And so I have done ever since. It is remarkable how much more alert and sharp I am nowadays with seven or eight hours of sleep a night.

One of the helpers (aka “bud-tenders”) at the dispensary I use told me that the majority of their customers are old people and I've been wondering since then what is known about elders' use of weed. Hence, today's and Wednesday's posts.

LEGAL ISSUES
Cannabis has been illegal under federal law in the U.S. since 1937 when the Marijuana Tax Act went into effect over the objections from the American Medical Association related to medical usage.

The federal Drug Enforcement Administration lists cannabis as a Schedule 1 drug, the most serious category "with no currently accepted medical use and a high potential for abuse."

Schedule II drugs, which are considered less dangerous in this tightly controlled hierarchy, include cocaine, meth and oxycodone,” reports Mic.

Really? They list meth and oxycodone as less dangerous than marijuana? Doesn't anyone at that agency have a lick of common sense? Or they could just read the research.

More than half the states in the U.S. now disagree with the federal government. As of late last year, 29 states plus the District of Columbia have legalized medical marijuana. Here is the list with bolded names for states that also allow recreational use:

Alaska
Arizona
Arkansas
California
Colorado
Connecticut
Delaware
District of Columbia
Florida
Hawaii
Illinois
Maine
Maryland
Massachusetts
Michigan
Minnesota
Montana
Nevada
New Hampshire
New Jersey
New Mexico
New York
North Dakota
Ohio
Oregon
Pennsylvania
Rhode Island
Vermont
Washington
West Virginia

Oregon did not legalize weed for recreational use until about two years after I moved here. Before then, late night television commercials for medical marijuana cards were a joke.

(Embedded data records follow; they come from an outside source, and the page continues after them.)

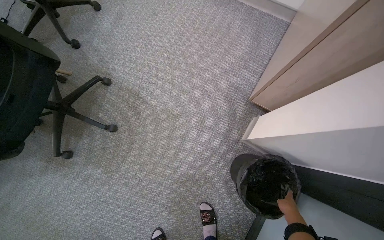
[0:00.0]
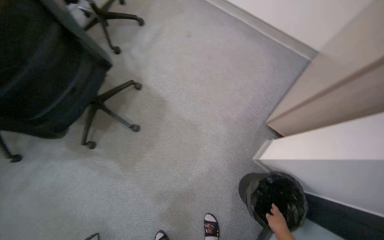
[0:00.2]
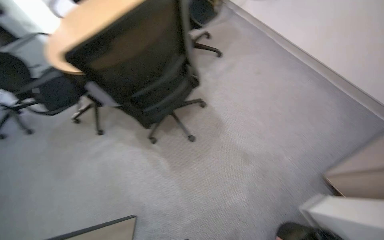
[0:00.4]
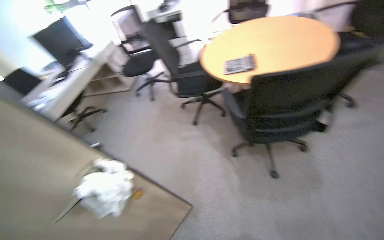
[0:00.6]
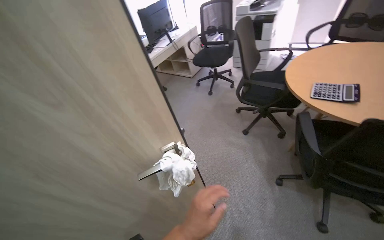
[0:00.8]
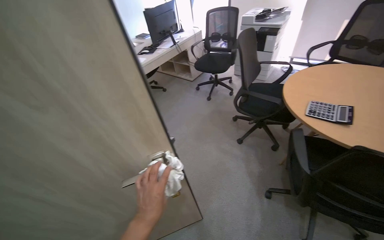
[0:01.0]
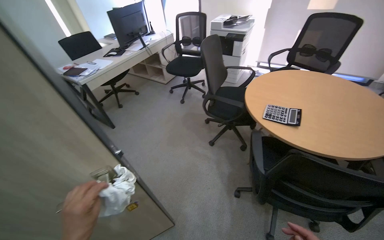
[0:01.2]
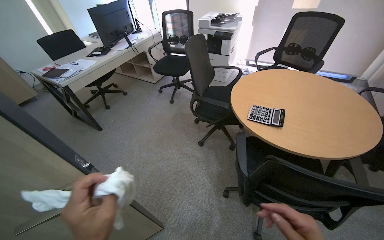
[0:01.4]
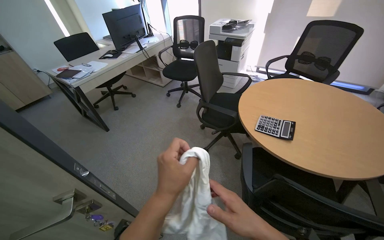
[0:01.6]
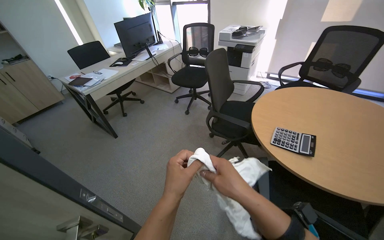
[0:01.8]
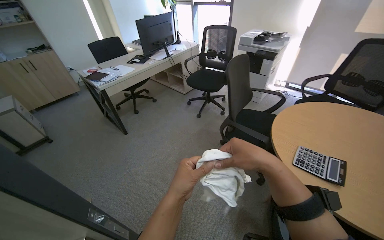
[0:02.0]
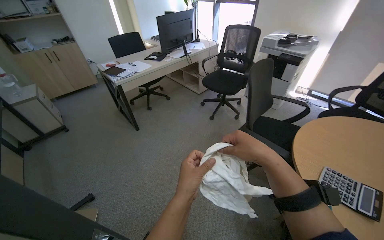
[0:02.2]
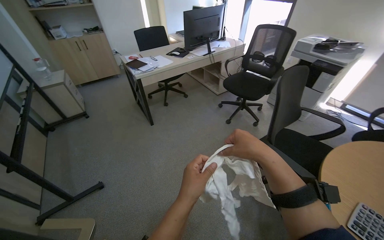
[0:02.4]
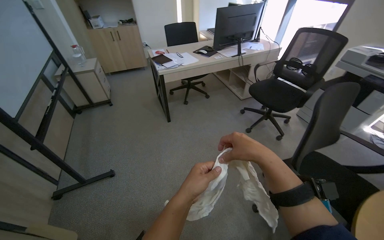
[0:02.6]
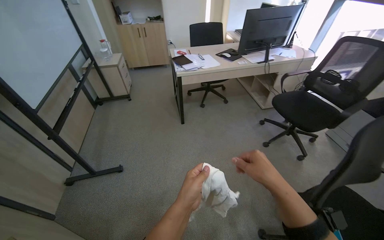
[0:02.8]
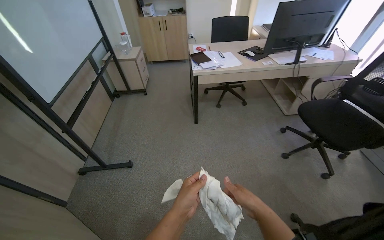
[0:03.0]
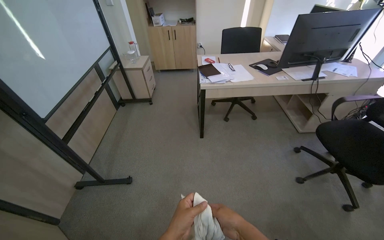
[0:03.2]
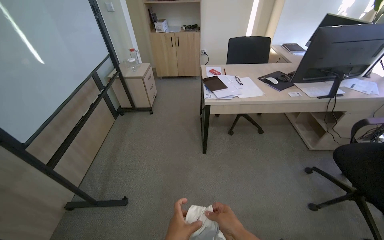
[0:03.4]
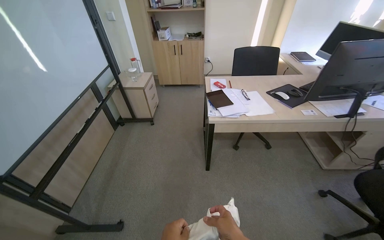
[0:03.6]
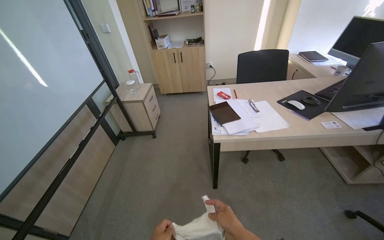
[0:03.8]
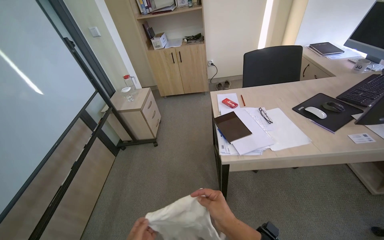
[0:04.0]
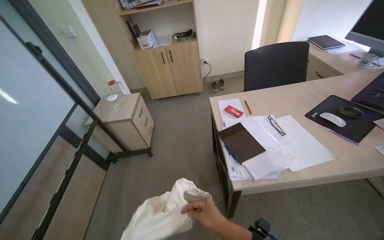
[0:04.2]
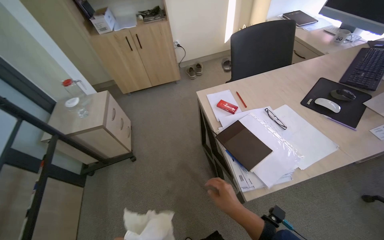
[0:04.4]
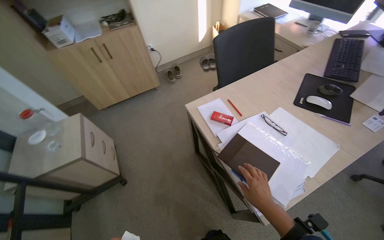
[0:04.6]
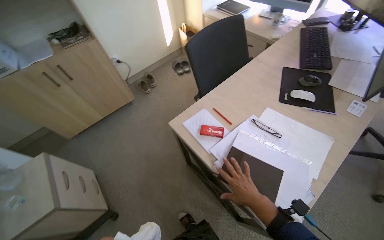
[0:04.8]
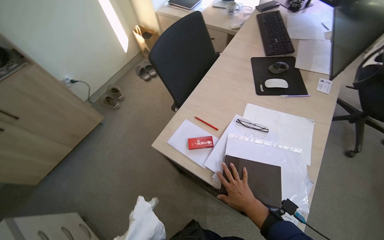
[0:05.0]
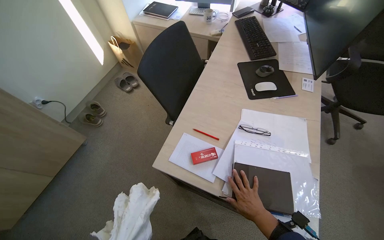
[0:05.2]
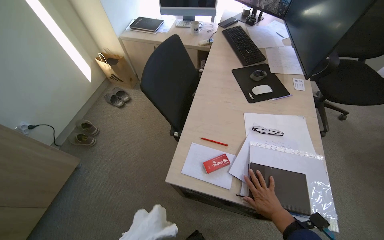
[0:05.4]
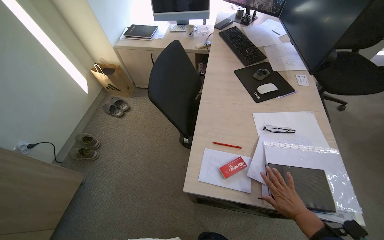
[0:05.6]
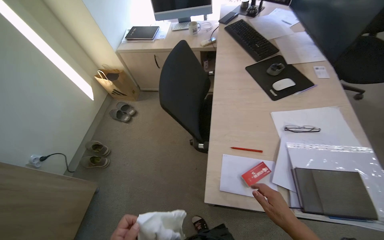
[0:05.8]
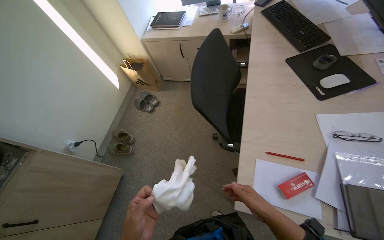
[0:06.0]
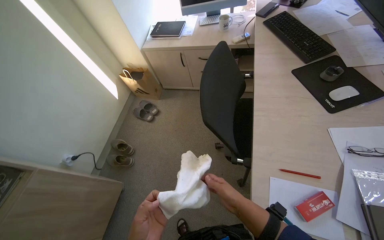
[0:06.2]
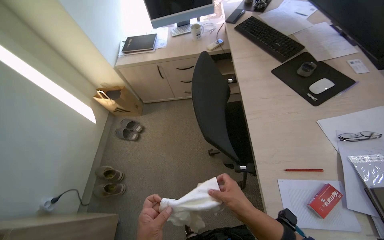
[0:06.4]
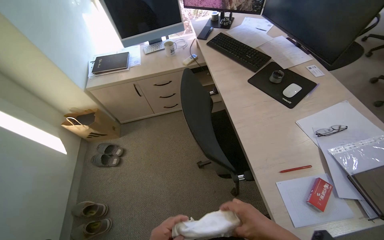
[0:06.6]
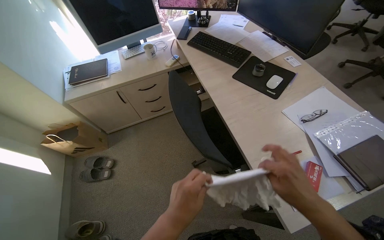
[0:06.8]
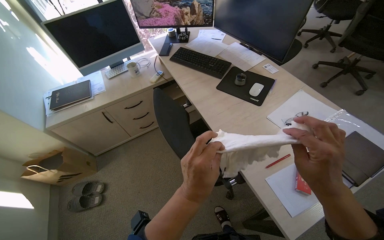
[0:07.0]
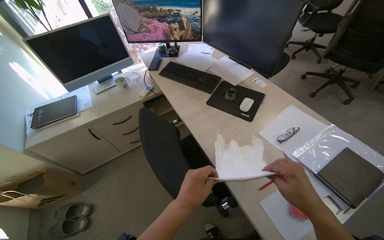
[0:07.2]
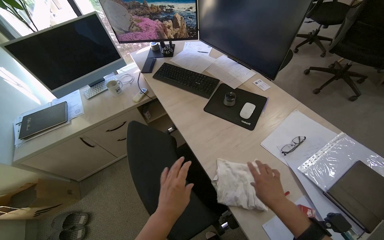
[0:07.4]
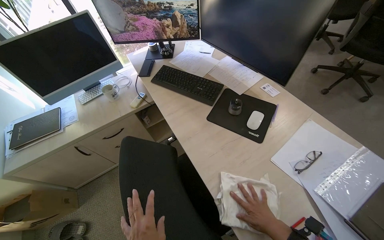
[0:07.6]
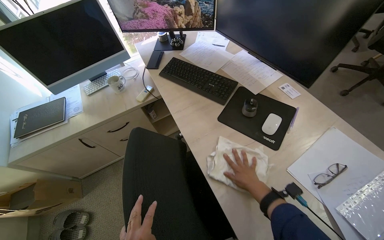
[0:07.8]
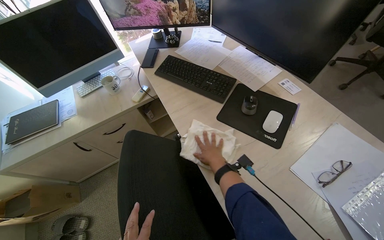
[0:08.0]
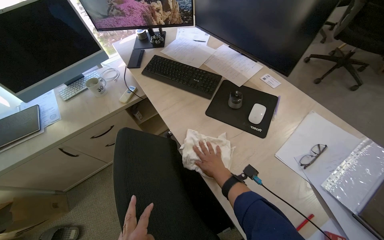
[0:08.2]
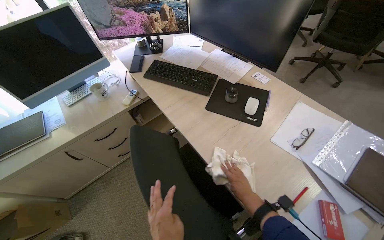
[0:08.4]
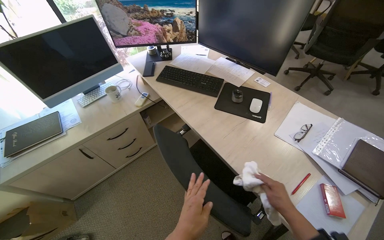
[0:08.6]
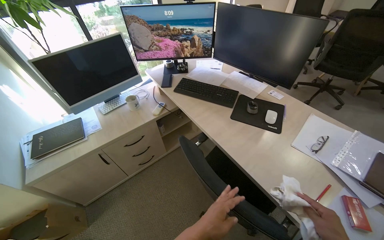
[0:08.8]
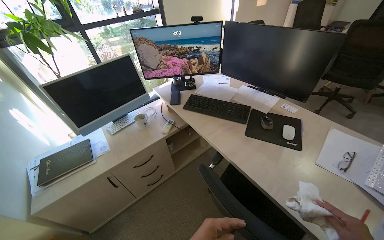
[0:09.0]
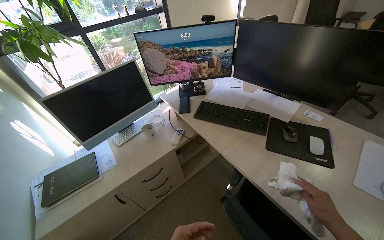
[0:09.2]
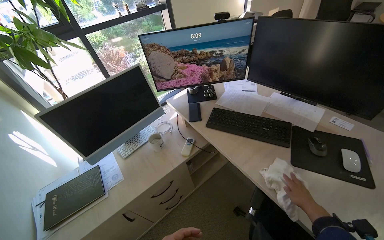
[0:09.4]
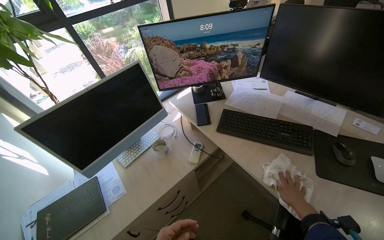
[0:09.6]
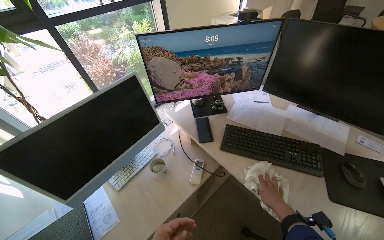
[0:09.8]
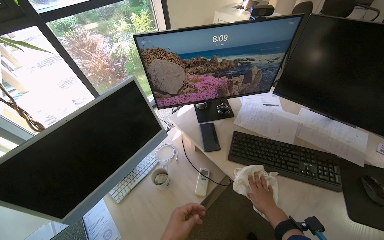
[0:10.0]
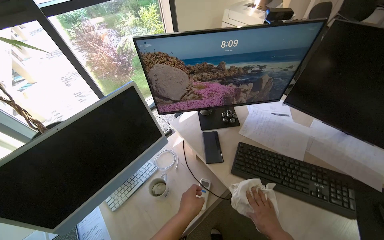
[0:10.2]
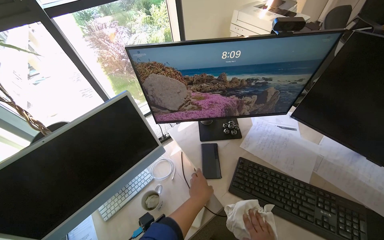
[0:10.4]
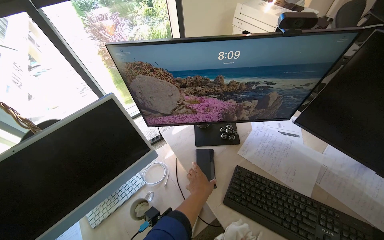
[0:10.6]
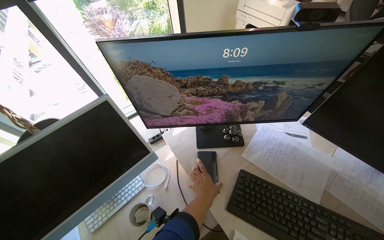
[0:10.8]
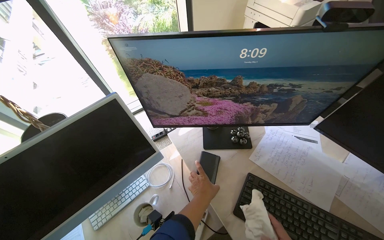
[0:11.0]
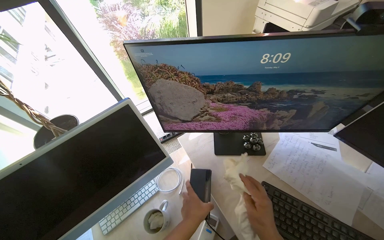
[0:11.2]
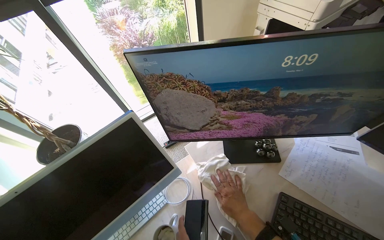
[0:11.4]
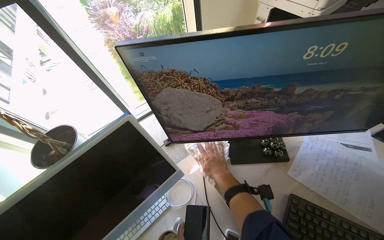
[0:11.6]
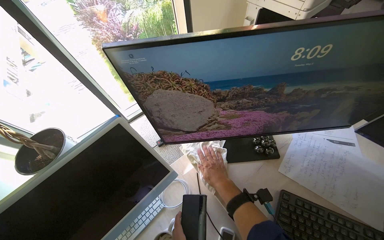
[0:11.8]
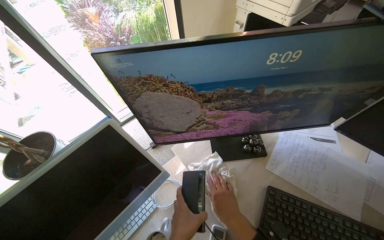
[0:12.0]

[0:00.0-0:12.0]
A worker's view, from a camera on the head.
Job: wiping surfaces.
The whole recording: Cleaning office room. The worker cleans various surfaces in an office, including door handles, cabinet handles, and desk surfaces, and empties the trash bin.
0:00.0 to 0:01.6: The head travels some 70 cm. The head turns to the left by about 95 degrees. The camera pitches upward, by some 15 degrees.
0:01.6 to 0:03.0: The head travels approximately 60 cm. The head turns to the left by about 55 degrees.
0:03.0 to 0:04.4: The camera is carried some 1 m.
0:04.4 to 0:06.0: The wearer moves some 70 cm. The wearer's head swings roughly 60 degrees to the right.
0:06.0 to 0:07.6: The head turns to the right by roughly 45 degrees.
0:07.6 to 0:09.0: The wearer looks about 15 degrees further upward.
0:09.0 to 0:10.4: The camera is carried roughly 70 cm.

Ostensibly meant to advertise medical practices that issued the cards, the ads made clear that even without a health reason, you wouldn't have any trouble getting a card from that physician.

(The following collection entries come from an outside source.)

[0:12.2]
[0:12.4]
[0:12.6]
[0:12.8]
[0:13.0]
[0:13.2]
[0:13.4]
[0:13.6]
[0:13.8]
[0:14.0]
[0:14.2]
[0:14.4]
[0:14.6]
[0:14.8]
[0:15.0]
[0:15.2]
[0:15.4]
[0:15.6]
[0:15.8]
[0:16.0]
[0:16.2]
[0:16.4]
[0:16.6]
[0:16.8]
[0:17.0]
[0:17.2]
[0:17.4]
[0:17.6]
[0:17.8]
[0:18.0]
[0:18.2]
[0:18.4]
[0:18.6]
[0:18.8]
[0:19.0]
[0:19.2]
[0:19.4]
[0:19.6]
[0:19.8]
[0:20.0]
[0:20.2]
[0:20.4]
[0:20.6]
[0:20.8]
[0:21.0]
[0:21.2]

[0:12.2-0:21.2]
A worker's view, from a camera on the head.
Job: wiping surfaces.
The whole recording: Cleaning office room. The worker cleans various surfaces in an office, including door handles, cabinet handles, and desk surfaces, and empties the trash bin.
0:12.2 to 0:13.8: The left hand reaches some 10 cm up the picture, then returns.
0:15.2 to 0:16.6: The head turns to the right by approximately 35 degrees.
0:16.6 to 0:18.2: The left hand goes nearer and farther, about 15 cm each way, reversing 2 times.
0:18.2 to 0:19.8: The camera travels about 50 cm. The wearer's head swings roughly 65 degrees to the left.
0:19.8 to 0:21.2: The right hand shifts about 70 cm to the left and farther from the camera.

According to a recent story at Alternet, even states that have legalized cannabis retain restrictions that can get a user in serious trouble.

Employers in some of those states can refuse to hire you if marijuana turns up in a pre-hiring drug test.

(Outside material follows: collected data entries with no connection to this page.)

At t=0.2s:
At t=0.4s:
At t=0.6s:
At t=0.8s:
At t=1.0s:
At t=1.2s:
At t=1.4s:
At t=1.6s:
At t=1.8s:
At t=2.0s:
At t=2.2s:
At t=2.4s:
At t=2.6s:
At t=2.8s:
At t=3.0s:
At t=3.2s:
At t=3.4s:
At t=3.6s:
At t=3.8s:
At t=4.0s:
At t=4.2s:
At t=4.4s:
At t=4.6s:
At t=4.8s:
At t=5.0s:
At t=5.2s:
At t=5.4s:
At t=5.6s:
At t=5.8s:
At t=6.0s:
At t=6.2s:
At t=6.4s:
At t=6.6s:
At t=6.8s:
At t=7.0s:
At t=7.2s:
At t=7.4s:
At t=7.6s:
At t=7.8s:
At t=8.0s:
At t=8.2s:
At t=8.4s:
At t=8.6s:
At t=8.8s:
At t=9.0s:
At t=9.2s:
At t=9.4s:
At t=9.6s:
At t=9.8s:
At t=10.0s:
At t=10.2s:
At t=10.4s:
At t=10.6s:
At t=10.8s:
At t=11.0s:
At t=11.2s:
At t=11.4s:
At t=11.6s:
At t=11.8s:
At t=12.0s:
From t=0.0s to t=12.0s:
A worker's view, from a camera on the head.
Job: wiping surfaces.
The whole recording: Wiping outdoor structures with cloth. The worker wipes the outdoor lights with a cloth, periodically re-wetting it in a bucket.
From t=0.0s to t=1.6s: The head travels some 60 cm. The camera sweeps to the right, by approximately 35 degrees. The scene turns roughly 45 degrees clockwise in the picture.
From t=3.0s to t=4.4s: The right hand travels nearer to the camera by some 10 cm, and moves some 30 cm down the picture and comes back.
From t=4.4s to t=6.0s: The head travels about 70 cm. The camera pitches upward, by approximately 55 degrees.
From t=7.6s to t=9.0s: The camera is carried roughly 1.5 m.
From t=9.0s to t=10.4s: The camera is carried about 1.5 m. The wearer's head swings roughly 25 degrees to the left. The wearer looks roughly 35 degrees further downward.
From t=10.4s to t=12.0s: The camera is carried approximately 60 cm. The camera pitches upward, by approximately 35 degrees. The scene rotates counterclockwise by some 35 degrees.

You will be prevented from legally purchasing fire arms in every state if you are a pot smoker. The federal Bureau of Alcohol, Tobacco & Firearms (ATF) asks potential gun buyers if they use or are addicted to controlled substances and warns on the form:

"The use or possession of marijuana remains unlawful under Federal law regardless of whether it has been legalized or decriminalized for medicinal or recreational purposes in the state where you reside."

Even in legal pot states, parents can lose custody of their children for marijuana use and it gets worse, according to Alternet:

”Medical marijuana support groups report hundreds of cases of parents losing custody of their kids, some merely for having registered as medical marijuana patients.

“But there are small signs of positive change on the horizon: California's Prop 64, for instance, includes a provision saying courts can no longer rescind or restrict a parent's custodial rights solely because they have a medical marijuana recommendation.”

If you are poor and live in federally subsidized housing, you can be kicked out of your home for possessing marijuana.

”Under a 1999 HUD Memorandum Regarding Medical Marijuana in Public Housing still in effect, any activity relating to controlled substances, including even medical marijuana, can get you evicted.

“And it doesn't have to be just you. If you live in federally subsidized housing and your grandson gets caught smoking a joint in the parking lot, you can find yourself tossed out on the street.”

When he isn't being publicly berated by President Trump, U.S. Attorney General Jeff Sessions regularly makes noises about beefing up enforcement of federal marijuana law in those 29 states where pot is legal.

Apparently, he is can't see that none of those states is going to give up millions of dollars in tax revenue from legal weed and it won't be long now until the federal government is forced to go along with the states on cannabis. The Feds will happy then, too, to see their portion of pot taxes.

Coming on Wednesday in Part 2: medical uses of marijuana, side effects and information about use by elders. Here is a sneak peak from a STAT report:

"Two papers published [2 April 2018] in JAMA Internal Medicine analyzing more than five years of Medicare Part D and Medicaid prescription data found that after states legalized weed, the number of opioid prescriptions and the daily dose of opioids went way down...

“Previous research has pointed to a similar correlation. A 2014 paper found that states with medical marijuana laws had nearly 25 percent fewer deaths from opioid overdoses.”


Elders and Alcohol

Most of us at this blog are old enough to remember when everyone smoked cigarettes. Betty Davis, Joan Crawford, Ava Gardner, Rita Hayworth, Humphrey Bogart, William Powell, Cary Grant, James Stewart, Spencer Tracy – all the cool kids back in those days smoked and they also drank. A lot. At least they did so in their movies.

A lot of us, as we came of age, followed the lead of our favorite screen actors - the social media of the day where we could find out what was chic, fashionable and, as far as it was a concept then, cutting edge.

Even so, it was a surprise to me recently when I watched Revolutionary Road, a movie set in 1950s suburbia starring Kate Winslet and Leonardo DiCaprio, how much drinking was going on.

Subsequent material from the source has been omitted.